§ What to work on
Find every line in the records below that holds the word "jeżeli" and copy it.

§ Dataset excerpts
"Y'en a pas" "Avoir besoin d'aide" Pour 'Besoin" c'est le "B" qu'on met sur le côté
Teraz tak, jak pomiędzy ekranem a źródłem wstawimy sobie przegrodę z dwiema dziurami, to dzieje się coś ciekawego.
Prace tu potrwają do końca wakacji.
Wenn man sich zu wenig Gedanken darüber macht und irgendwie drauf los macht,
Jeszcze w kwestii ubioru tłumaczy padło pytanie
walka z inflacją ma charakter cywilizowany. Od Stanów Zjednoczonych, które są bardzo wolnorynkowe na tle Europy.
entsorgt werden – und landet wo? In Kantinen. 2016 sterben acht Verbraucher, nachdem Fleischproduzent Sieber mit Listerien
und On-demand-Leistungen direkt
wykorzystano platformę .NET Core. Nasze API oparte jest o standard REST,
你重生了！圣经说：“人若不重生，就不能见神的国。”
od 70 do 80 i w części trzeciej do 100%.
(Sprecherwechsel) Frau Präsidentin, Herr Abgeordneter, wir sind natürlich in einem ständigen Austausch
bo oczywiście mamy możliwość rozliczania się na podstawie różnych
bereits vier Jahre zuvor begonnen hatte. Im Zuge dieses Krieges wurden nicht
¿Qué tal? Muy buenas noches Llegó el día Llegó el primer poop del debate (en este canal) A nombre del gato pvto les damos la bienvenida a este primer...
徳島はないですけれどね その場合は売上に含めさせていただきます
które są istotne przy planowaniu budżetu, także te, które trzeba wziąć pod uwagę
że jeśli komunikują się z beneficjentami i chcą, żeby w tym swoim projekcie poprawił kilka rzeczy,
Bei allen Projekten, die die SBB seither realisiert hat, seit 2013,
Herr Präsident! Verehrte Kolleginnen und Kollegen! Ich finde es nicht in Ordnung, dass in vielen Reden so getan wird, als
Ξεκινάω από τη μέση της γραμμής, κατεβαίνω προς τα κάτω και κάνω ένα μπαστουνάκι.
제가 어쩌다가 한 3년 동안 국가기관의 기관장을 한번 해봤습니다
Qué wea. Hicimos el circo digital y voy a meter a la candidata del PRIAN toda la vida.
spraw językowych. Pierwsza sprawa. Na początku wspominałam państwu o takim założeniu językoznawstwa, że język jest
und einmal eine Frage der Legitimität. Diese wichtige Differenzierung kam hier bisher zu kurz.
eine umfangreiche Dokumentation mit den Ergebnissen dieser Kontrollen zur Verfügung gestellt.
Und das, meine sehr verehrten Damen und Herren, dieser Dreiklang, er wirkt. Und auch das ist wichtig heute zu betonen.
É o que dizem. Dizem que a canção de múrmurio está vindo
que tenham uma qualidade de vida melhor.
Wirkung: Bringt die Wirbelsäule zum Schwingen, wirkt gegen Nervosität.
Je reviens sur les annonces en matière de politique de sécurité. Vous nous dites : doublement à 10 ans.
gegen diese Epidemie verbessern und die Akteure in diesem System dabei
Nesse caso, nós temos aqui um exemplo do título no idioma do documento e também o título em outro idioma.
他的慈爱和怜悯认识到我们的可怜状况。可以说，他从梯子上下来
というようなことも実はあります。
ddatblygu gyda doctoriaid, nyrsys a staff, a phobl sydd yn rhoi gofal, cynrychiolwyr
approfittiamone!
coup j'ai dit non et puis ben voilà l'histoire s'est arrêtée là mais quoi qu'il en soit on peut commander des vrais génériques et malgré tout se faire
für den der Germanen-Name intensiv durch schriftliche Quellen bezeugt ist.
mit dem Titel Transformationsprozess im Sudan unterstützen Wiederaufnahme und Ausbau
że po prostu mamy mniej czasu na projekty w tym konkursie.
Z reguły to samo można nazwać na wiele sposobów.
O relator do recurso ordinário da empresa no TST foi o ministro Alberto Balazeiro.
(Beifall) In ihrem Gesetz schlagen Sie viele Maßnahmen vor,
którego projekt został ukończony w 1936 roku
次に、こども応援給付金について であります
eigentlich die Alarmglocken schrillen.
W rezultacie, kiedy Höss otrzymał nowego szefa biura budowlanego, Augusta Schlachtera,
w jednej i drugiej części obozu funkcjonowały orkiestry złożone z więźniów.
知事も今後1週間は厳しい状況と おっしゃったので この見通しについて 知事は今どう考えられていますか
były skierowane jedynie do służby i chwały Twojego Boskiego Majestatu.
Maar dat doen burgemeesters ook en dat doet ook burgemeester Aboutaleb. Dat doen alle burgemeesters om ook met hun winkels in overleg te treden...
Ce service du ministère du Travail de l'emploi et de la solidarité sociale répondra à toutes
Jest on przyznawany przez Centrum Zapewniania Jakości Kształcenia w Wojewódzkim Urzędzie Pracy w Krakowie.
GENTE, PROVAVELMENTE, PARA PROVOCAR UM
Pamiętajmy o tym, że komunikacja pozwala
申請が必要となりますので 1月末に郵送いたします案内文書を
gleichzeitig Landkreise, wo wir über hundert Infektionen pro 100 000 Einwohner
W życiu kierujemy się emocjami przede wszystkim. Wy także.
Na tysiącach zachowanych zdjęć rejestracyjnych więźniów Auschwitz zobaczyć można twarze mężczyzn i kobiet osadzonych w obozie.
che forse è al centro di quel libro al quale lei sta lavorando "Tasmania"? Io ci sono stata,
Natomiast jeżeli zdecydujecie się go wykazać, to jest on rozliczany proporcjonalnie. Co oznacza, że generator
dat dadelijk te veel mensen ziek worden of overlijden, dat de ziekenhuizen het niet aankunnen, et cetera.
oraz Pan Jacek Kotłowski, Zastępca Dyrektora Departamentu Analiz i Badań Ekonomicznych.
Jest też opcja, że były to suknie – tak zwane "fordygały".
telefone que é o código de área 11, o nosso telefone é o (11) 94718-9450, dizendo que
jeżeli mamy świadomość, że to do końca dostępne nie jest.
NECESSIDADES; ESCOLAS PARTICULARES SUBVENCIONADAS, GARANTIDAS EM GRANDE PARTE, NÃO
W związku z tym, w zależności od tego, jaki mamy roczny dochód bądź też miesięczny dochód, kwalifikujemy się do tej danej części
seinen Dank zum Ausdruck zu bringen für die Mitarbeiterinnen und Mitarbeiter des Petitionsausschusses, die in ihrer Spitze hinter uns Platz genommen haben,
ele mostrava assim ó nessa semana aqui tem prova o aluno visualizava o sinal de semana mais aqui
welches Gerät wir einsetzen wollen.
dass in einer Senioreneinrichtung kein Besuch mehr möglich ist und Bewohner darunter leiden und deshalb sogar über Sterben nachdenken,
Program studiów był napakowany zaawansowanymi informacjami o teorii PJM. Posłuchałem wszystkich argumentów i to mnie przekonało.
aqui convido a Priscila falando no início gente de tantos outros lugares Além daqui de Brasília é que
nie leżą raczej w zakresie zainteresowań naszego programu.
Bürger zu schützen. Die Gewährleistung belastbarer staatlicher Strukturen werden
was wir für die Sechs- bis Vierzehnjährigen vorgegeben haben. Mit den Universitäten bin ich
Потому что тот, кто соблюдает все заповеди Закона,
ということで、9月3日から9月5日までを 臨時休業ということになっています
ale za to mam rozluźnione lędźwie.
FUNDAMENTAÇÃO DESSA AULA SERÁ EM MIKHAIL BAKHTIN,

§ Answer box
Natomiast jeżeli zdecydujecie się go wykazać, to jest on rozliczany proporcjonalnie. Co oznacza, że generator
jeżeli mamy świadomość, że to do końca dostępne nie jest.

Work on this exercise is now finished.